* Work instructions *
When you give the entries again, keep every word as it stands and drop the pictures.
** Record extracts follows **
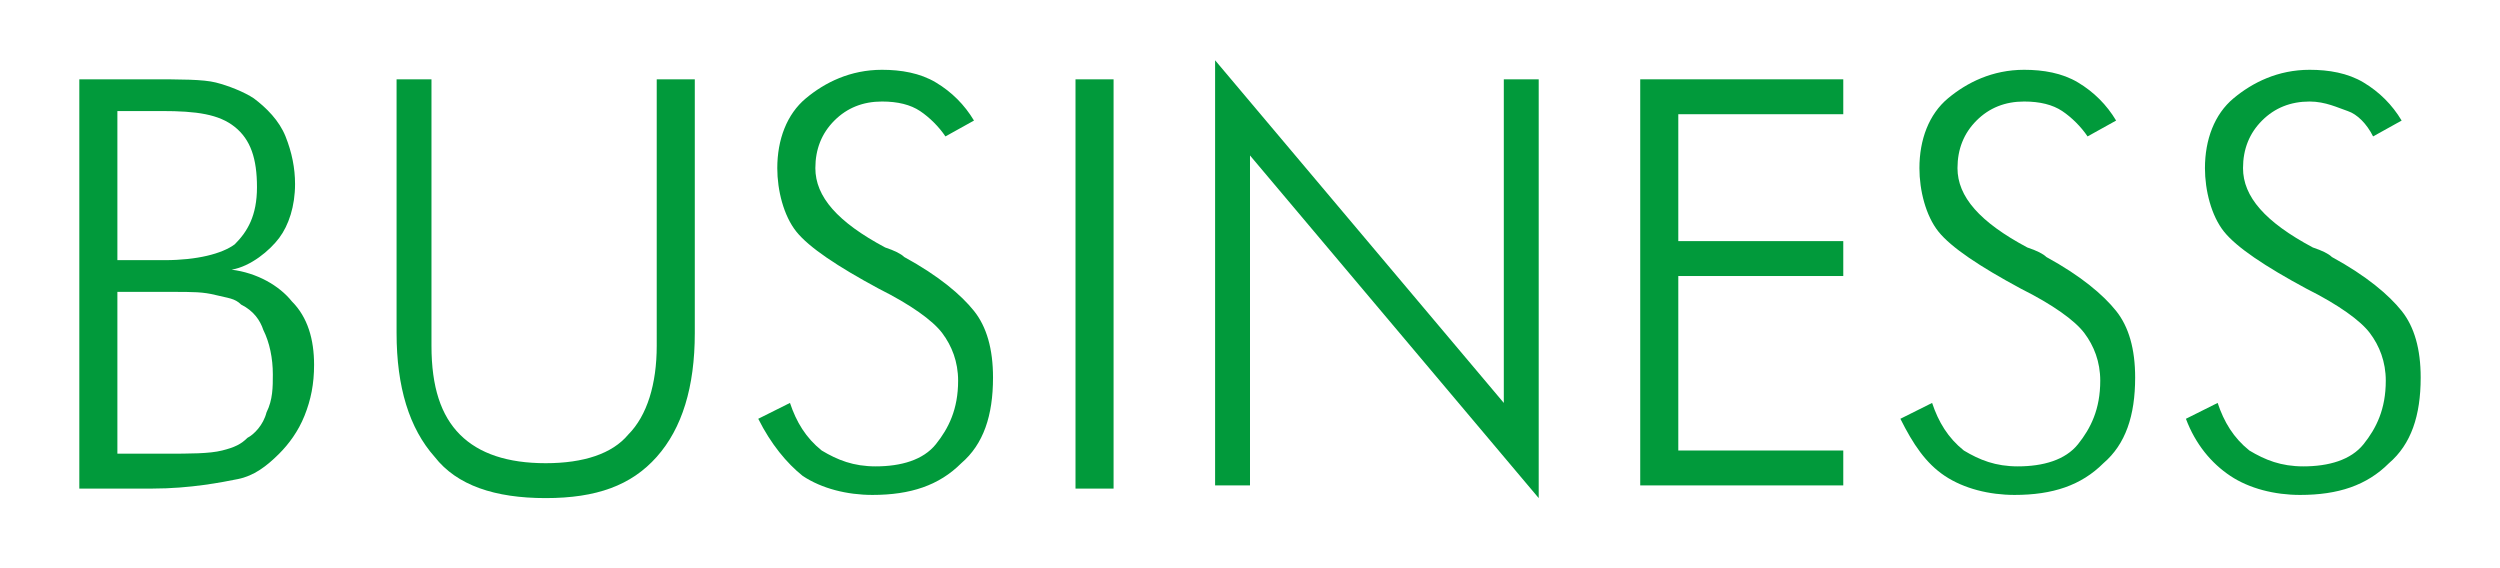 <?xml version="1.0" encoding="utf-8"?>
<!-- Generator: Adobe Illustrator 25.0.0, SVG Export Plug-In . SVG Version: 6.00 Build 0)  -->
<svg version="1.1" id="レイヤー_1" xmlns="http://www.w3.org/2000/svg" xmlns:xlink="http://www.w3.org/1999/xlink" x="0px"
	 y="0px" width="78.8px" height="17.9px" viewBox="0 0 78.8 17.9" style="enable-background:new 0 0 78.8 17.9;"
	 xml:space="preserve">
<style type="text/css">
	.st0{enable-background:new    ;}
	.st1{fill:#019A3B;}
</style>
<g class="st0">
	<path class="st1" d="M2.5,15.4V2.5h2.2c1,0,1.7,0,2.1,0.1S7.7,2.9,8,3.1c0.4,0.3,0.8,0.7,1,1.2c0.2,0.5,0.3,1,0.3,1.5
		c0,0.7-0.2,1.3-0.5,1.7S7.9,8.4,7.3,8.5c0.8,0.1,1.5,0.5,1.9,1c0.5,0.5,0.7,1.2,0.7,2c0,0.6-0.1,1.1-0.3,1.6s-0.5,0.9-0.8,1.2
		C8.4,14.7,8,15,7.5,15.1S6,15.4,4.8,15.4H2.5z M3.7,8.2h1.5C6.2,8.2,7,8,7.4,7.7c0.4-0.4,0.7-0.9,0.7-1.8C8.1,5,7.9,4.4,7.4,4
		S6.2,3.5,5.1,3.5H3.7V8.2z M3.7,14.3h1.5c0.8,0,1.4,0,1.8-0.1s0.6-0.2,0.8-0.4C8,13.7,8.3,13.4,8.4,13c0.2-0.4,0.2-0.8,0.2-1.2
		c0-0.5-0.1-1-0.3-1.4C8.2,10.1,8,9.8,7.6,9.6C7.4,9.4,7.2,9.4,6.8,9.3S6.1,9.2,5.4,9.2H5.2H3.7V14.3z"/>
	<path class="st1" d="M12.4,2.5h1.2v8.4c0,1.3,0.3,2.2,0.9,2.8c0.6,0.6,1.5,0.9,2.7,0.9c1.2,0,2.1-0.3,2.6-0.9
		c0.6-0.6,0.9-1.6,0.9-2.8V2.5h1.2v8c0,1.7-0.4,3-1.2,3.9c-0.8,0.9-1.9,1.3-3.5,1.3c-1.6,0-2.8-0.4-3.5-1.3
		c-0.8-0.9-1.2-2.2-1.2-3.9V2.5z"/>
	<path class="st1" d="M23.9,13.2l1-0.5c0.2,0.6,0.5,1.1,1,1.5c0.5,0.3,1,0.5,1.7,0.5c0.8,0,1.5-0.2,1.9-0.7s0.7-1.1,0.7-2
		c0-0.6-0.2-1.1-0.5-1.5s-1-0.9-2-1.4c-1.3-0.7-2.2-1.3-2.6-1.8S24.5,6,24.5,5.3c0-0.9,0.3-1.7,0.9-2.2s1.4-0.9,2.4-0.9
		c0.6,0,1.2,0.1,1.7,0.4c0.5,0.3,0.9,0.7,1.2,1.2l-0.9,0.5C29.6,4,29.3,3.7,29,3.5s-0.7-0.3-1.2-0.3c-0.6,0-1.1,0.2-1.5,0.6
		s-0.6,0.9-0.6,1.5c0,0.9,0.7,1.7,2.2,2.5c0.3,0.1,0.5,0.2,0.6,0.3c1.1,0.6,1.8,1.2,2.2,1.7c0.4,0.5,0.6,1.2,0.6,2.1
		c0,1.2-0.3,2.1-1,2.7c-0.7,0.7-1.6,1-2.8,1c-0.8,0-1.6-0.2-2.2-0.6C24.8,14.6,24.3,14,23.9,13.2z"/>
	<path class="st1" d="M33.9,15.4V2.5h1.2v12.9H33.9z"/>
	<path class="st1" d="M38.3,15.4V1.9l9.1,10.8V2.5h1.1v13.2L39.4,4.9v10.4H38.3z"/>
	<path class="st1" d="M51.7,15.4V2.5h6.4v1.1h-5.2v4h5.2v1.1h-5.2v5.5h5.2v1.1H51.7z"/>
	<path class="st1" d="M59.9,13.2l1-0.5c0.2,0.6,0.5,1.1,1,1.5c0.5,0.3,1,0.5,1.7,0.5c0.8,0,1.5-0.2,1.9-0.7s0.7-1.1,0.7-2
		c0-0.6-0.2-1.1-0.5-1.5s-1-0.9-2-1.4c-1.3-0.7-2.2-1.3-2.6-1.8S60.5,6,60.5,5.3c0-0.9,0.3-1.7,0.9-2.2s1.4-0.9,2.4-0.9
		c0.6,0,1.2,0.1,1.7,0.4c0.5,0.3,0.9,0.7,1.2,1.2l-0.9,0.5C65.6,4,65.3,3.7,65,3.5s-0.7-0.3-1.2-0.3c-0.6,0-1.1,0.2-1.5,0.6
		s-0.6,0.9-0.6,1.5c0,0.9,0.7,1.7,2.2,2.5c0.3,0.1,0.5,0.2,0.6,0.3c1.1,0.6,1.8,1.2,2.2,1.7c0.4,0.5,0.6,1.2,0.6,2.1
		c0,1.2-0.3,2.1-1,2.7c-0.7,0.7-1.6,1-2.8,1c-0.8,0-1.6-0.2-2.2-0.6C60.7,14.6,60.3,14,59.9,13.2z"/>
	<path class="st1" d="M68.9,13.2l1-0.5c0.2,0.6,0.5,1.1,1,1.5c0.5,0.3,1,0.5,1.7,0.5c0.8,0,1.5-0.2,1.9-0.7s0.7-1.1,0.7-2
		c0-0.6-0.2-1.1-0.5-1.5s-1-0.9-2-1.4c-1.3-0.7-2.2-1.3-2.6-1.8S69.5,6,69.5,5.3c0-0.9,0.3-1.7,0.9-2.2s1.4-0.9,2.4-0.9
		c0.6,0,1.2,0.1,1.7,0.4c0.5,0.3,0.9,0.7,1.2,1.2l-0.9,0.5c-0.2-0.4-0.5-0.7-0.8-0.8s-0.7-0.3-1.2-0.3c-0.6,0-1.1,0.2-1.5,0.6
		s-0.6,0.9-0.6,1.5c0,0.9,0.7,1.7,2.2,2.5c0.3,0.1,0.5,0.2,0.6,0.3c1.1,0.6,1.8,1.2,2.2,1.7c0.4,0.5,0.6,1.2,0.6,2.1
		c0,1.2-0.3,2.1-1,2.7c-0.7,0.7-1.6,1-2.8,1c-0.8,0-1.6-0.2-2.2-0.6C69.7,14.6,69.2,14,68.9,13.2z"/>
</g>
</svg>
** End of Record extracts **
* Answer below *
 <?xml version="1.0" encoding="utf-8"?>
<!-- Generator: Adobe Illustrator 25.0.0, SVG Export Plug-In . SVG Version: 6.00 Build 0)  -->
<svg version="1.1" id="レイヤー_1" xmlns="http://www.w3.org/2000/svg" xmlns:xlink="http://www.w3.org/1999/xlink" x="0px"
	 y="0px" width="78.8px" height="17.9px" viewBox="0 0 78.8 17.9" style="enable-background:new 0 0 78.8 17.9;"
	 xml:space="preserve">
<style type="text/css">
	.st0{enable-background:new    ;}
	.st1{fill:#019A3B;}
</style>
<g class="st0">
	<path class="st1" d="M2.5,15.4V2.5h2.2c1,0,1.7,0,2.1,0.1S7.7,2.9,8,3.1c0.4,0.3,0.8,0.7,1,1.2c0.2,0.5,0.3,1,0.3,1.5
		c0,0.7-0.2,1.3-0.5,1.7S7.9,8.4,7.3,8.5c0.8,0.1,1.5,0.5,1.9,1c0.5,0.5,0.7,1.2,0.7,2c0,0.6-0.1,1.1-0.3,1.6s-0.5,0.9-0.8,1.2
		C8.4,14.7,8,15,7.5,15.1S6,15.4,4.8,15.4H2.5z M3.7,8.2h1.5C6.2,8.2,7,8,7.4,7.7c0.4-0.4,0.7-0.9,0.7-1.8C8.1,5,7.9,4.4,7.4,4
		S6.2,3.5,5.1,3.5H3.7V8.2z M3.7,14.3h1.5c0.8,0,1.4,0,1.8-0.1s0.6-0.2,0.8-0.4C8,13.7,8.3,13.4,8.4,13c0.2-0.4,0.2-0.8,0.2-1.2
		c0-0.5-0.1-1-0.3-1.4C8.2,10.1,8,9.8,7.6,9.6C7.4,9.4,7.2,9.4,6.8,9.3S6.1,9.2,5.4,9.2H5.2H3.7V14.3z"/>
	<path class="st1" d="M12.4,2.5h1.2v8.4c0,1.3,0.3,2.2,0.9,2.8c0.6,0.6,1.5,0.9,2.7,0.9c1.2,0,2.1-0.3,2.6-0.9
		c0.6-0.6,0.9-1.6,0.9-2.8V2.5h1.2v8c0,1.7-0.4,3-1.2,3.9c-0.8,0.9-1.9,1.3-3.5,1.3c-1.6,0-2.8-0.4-3.5-1.3
		c-0.8-0.9-1.2-2.2-1.2-3.9V2.5z"/>
	<path class="st1" d="M23.9,13.2l1-0.5c0.2,0.6,0.5,1.1,1,1.5c0.5,0.3,1,0.5,1.7,0.5c0.8,0,1.5-0.2,1.9-0.7s0.7-1.1,0.7-2
		c0-0.6-0.2-1.1-0.5-1.5s-1-0.9-2-1.4c-1.3-0.7-2.2-1.3-2.6-1.8S24.5,6,24.5,5.3c0-0.9,0.3-1.7,0.9-2.2s1.4-0.9,2.4-0.9
		c0.6,0,1.2,0.1,1.7,0.4c0.5,0.3,0.9,0.7,1.2,1.2l-0.9,0.5C29.6,4,29.3,3.7,29,3.5s-0.7-0.3-1.2-0.3c-0.6,0-1.1,0.2-1.5,0.6
		s-0.6,0.9-0.6,1.5c0,0.9,0.7,1.7,2.2,2.5c0.3,0.1,0.5,0.2,0.6,0.3c1.1,0.6,1.8,1.2,2.2,1.7c0.4,0.5,0.6,1.2,0.6,2.1
		c0,1.2-0.3,2.1-1,2.7c-0.7,0.7-1.6,1-2.8,1c-0.8,0-1.6-0.2-2.2-0.6C24.8,14.6,24.3,14,23.9,13.2z"/>
	<path class="st1" d="M33.9,15.4V2.5h1.2v12.9H33.9z"/>
	<path class="st1" d="M38.3,15.4V1.9l9.1,10.8V2.5h1.1v13.2L39.4,4.9v10.4H38.3z"/>
	<path class="st1" d="M51.7,15.4V2.5h6.4v1.1h-5.2v4h5.2v1.1h-5.2v5.5h5.2v1.1H51.7z"/>
	<path class="st1" d="M59.9,13.2l1-0.5c0.2,0.6,0.5,1.1,1,1.5c0.5,0.3,1,0.5,1.7,0.5c0.8,0,1.5-0.2,1.9-0.7s0.7-1.1,0.7-2
		c0-0.6-0.2-1.1-0.5-1.5s-1-0.9-2-1.4c-1.3-0.7-2.2-1.3-2.6-1.8S60.5,6,60.5,5.3c0-0.9,0.3-1.7,0.9-2.2s1.4-0.9,2.4-0.9
		c0.6,0,1.2,0.1,1.7,0.4c0.5,0.3,0.9,0.7,1.2,1.2l-0.9,0.5C65.6,4,65.3,3.7,65,3.5s-0.7-0.3-1.2-0.3c-0.6,0-1.1,0.2-1.5,0.6
		s-0.6,0.9-0.6,1.5c0,0.9,0.7,1.7,2.2,2.5c0.3,0.1,0.5,0.2,0.6,0.3c1.1,0.6,1.8,1.2,2.2,1.7c0.4,0.5,0.6,1.2,0.6,2.1
		c0,1.2-0.3,2.1-1,2.7c-0.7,0.7-1.6,1-2.8,1c-0.8,0-1.6-0.2-2.2-0.6C60.7,14.6,60.3,14,59.9,13.2z"/>
	<path class="st1" d="M68.9,13.2l1-0.5c0.2,0.6,0.5,1.1,1,1.5c0.5,0.3,1,0.5,1.7,0.5c0.8,0,1.5-0.2,1.9-0.7s0.7-1.1,0.7-2
		c0-0.6-0.2-1.1-0.5-1.5s-1-0.9-2-1.4c-1.3-0.7-2.2-1.3-2.6-1.8S69.5,6,69.5,5.3c0-0.9,0.3-1.7,0.9-2.2s1.4-0.9,2.4-0.9
		c0.6,0,1.2,0.1,1.7,0.4c0.5,0.3,0.9,0.7,1.2,1.2l-0.9,0.5c-0.2-0.4-0.5-0.7-0.8-0.8s-0.7-0.3-1.2-0.3c-0.6,0-1.1,0.2-1.5,0.6
		s-0.6,0.9-0.6,1.5c0,0.9,0.7,1.7,2.2,2.5c0.3,0.1,0.5,0.2,0.6,0.3c1.1,0.6,1.8,1.2,2.2,1.7c0.4,0.5,0.6,1.2,0.6,2.1
		c0,1.2-0.3,2.1-1,2.7c-0.7,0.7-1.6,1-2.8,1c-0.8,0-1.6-0.2-2.2-0.6C69.7,14.6,69.2,14,68.9,13.2z"/>
</g>
</svg>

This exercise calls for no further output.